Arabelle's Pov:
What do you feel right now? A simple question, yet hard to comprehend right? Everyone has different thoughts on this. Some run away, some embrace it some don't know what they feel, some don't want feel it anymore. Do you feel scared ? Do you feel angry? Do you feel betrayed? Or do you feel happy? Content ? Blissful?
Some don't know, what they feel anymore. We break a thousand times, a million times, but yet we feel nothing. We are numb.
Sometimes we feel everything at once, the smallest intensity of any emotion, either uplifts us or breaks us.
I think it depends on what you choose to feel, in the moment and how you feel it. We choose to create a wall, round ourselves to see who cares just enough to break it down, or to give a hand when you are alone. I guess in the end, its all about that one person who chooses to be beside you, when everything is a blur, when you want it to stop. I think that person matters the most, but we are blinded by attention, so much so that we crave it from people that don't deserve it.
How satisfying it is to hear someone to say 'I need you', to say that 'I'm here for you', 'I will protect you'
How satisfying is it to be needed...
We choose to ignore what we feel, to protect ourselves. But what if that protection, that mask that we hide our true selves behind, destroys us?
Like Shakespeare says to be or not to be?
What do I choose:
To feel nothing or everything at once?
Or will both destroy me beyond repair?
And just like that I break, by choosing not my happiness but pain.
I choose that I'm not worthy of being loved.
Kellan's Pov:
They say the night is the absolute darkest when dawn is approaching right? That's how I felt. It's unbelievable right, how our world shifts in a flat second like everything is upside down and you can't turn back from it?
As usual I was waiting for Ara to come to class. She walked in her face down, she did not even look at me no smile, her eyes cast down.
Sometimes silence speaks a thousand words, whilst not uttering a word. While silence may be comforting, this silence is shattering in the same way.
Time skip:
Towards the end of class I had enough. The silence was killing me. So I stopped, took a deep breath and stopped her.

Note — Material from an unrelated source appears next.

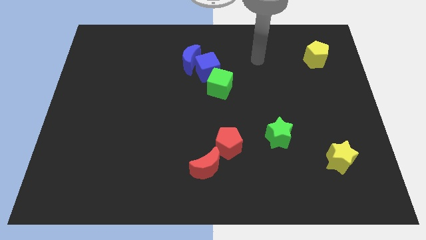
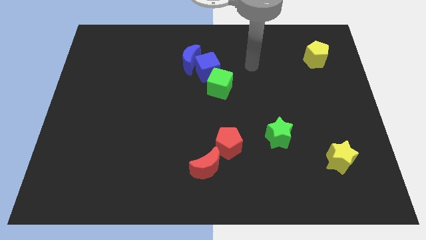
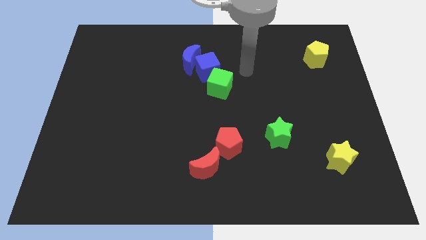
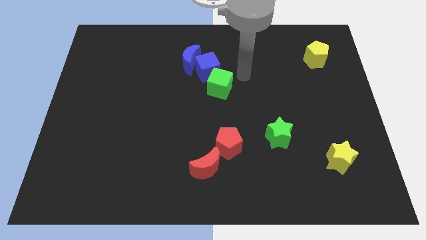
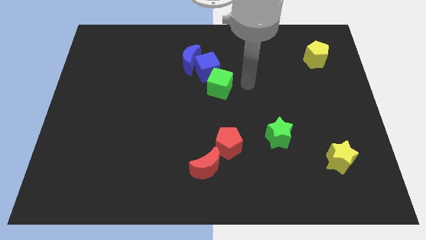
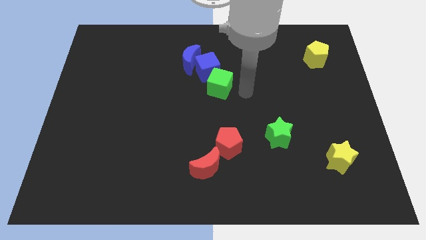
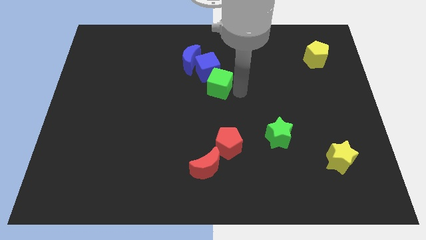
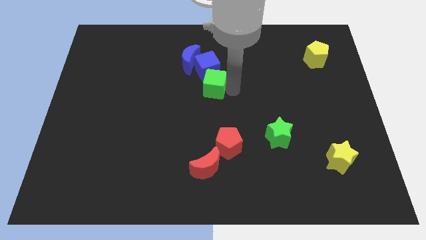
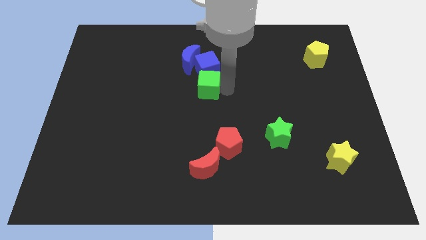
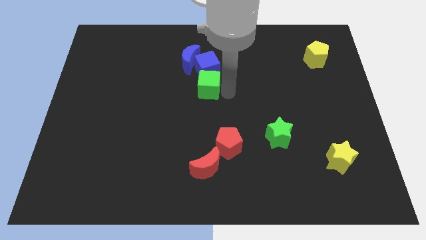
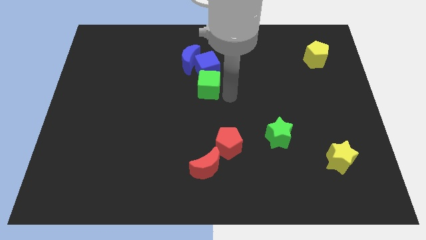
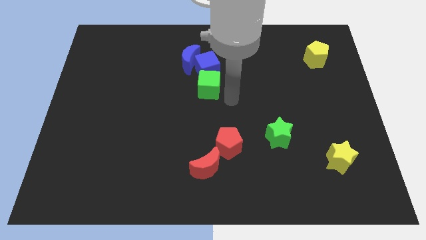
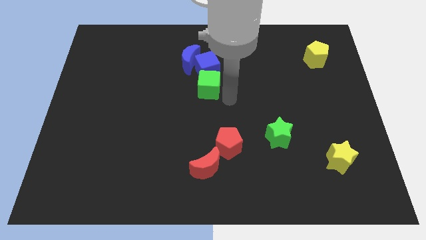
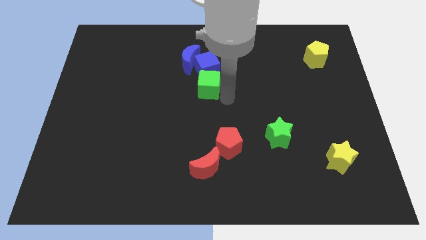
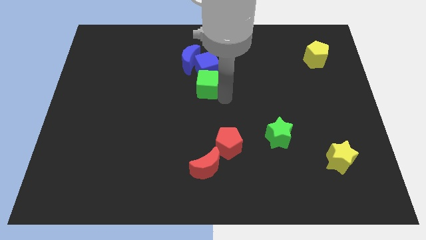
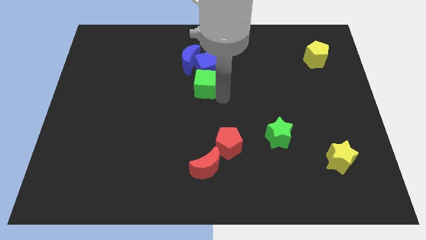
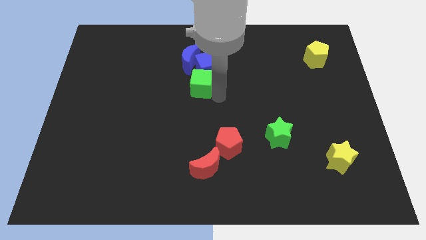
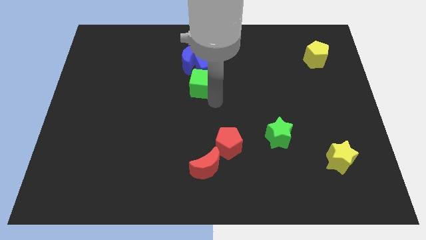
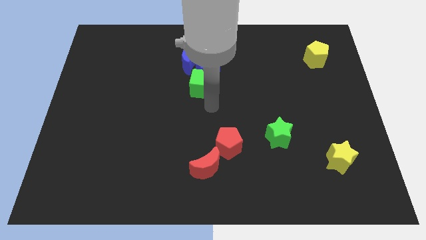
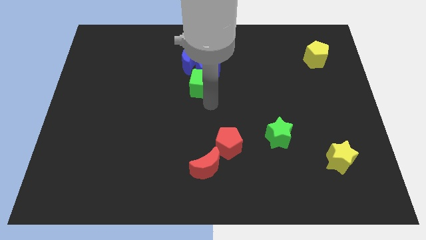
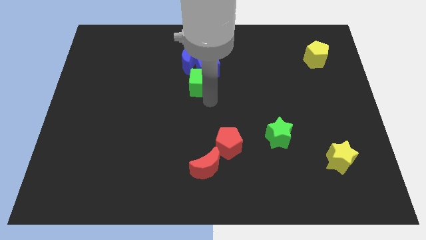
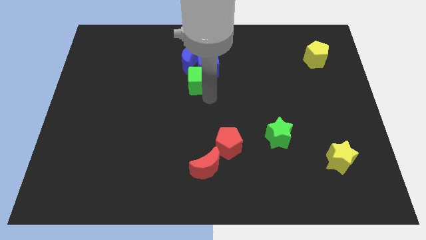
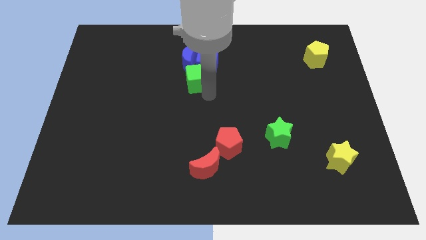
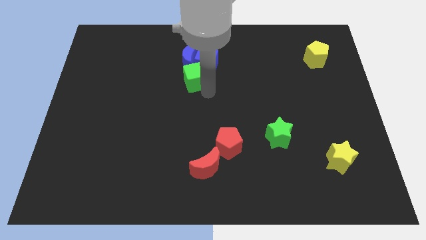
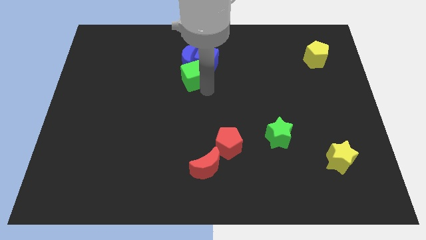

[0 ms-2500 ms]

"Ms. Crasto a moment please?"
She turned, her eyes sad.
"Sorry Sir I need to leave."
I took her wrist and pulled her towards me, engulfing her in a hug. We sometimes seem to misjudge the power, that even the smallest of gestures hold over us. That hug was a desperate sign of love and need. That hug were the words, we couldn't tell each other. The broken pieces in me, pieced back together as a whole. I felt complete in the moment, she was beside me. I felt at peace, with her in my arms. Time had stopped and the two of us together felt right. The moment itself, was beyond words.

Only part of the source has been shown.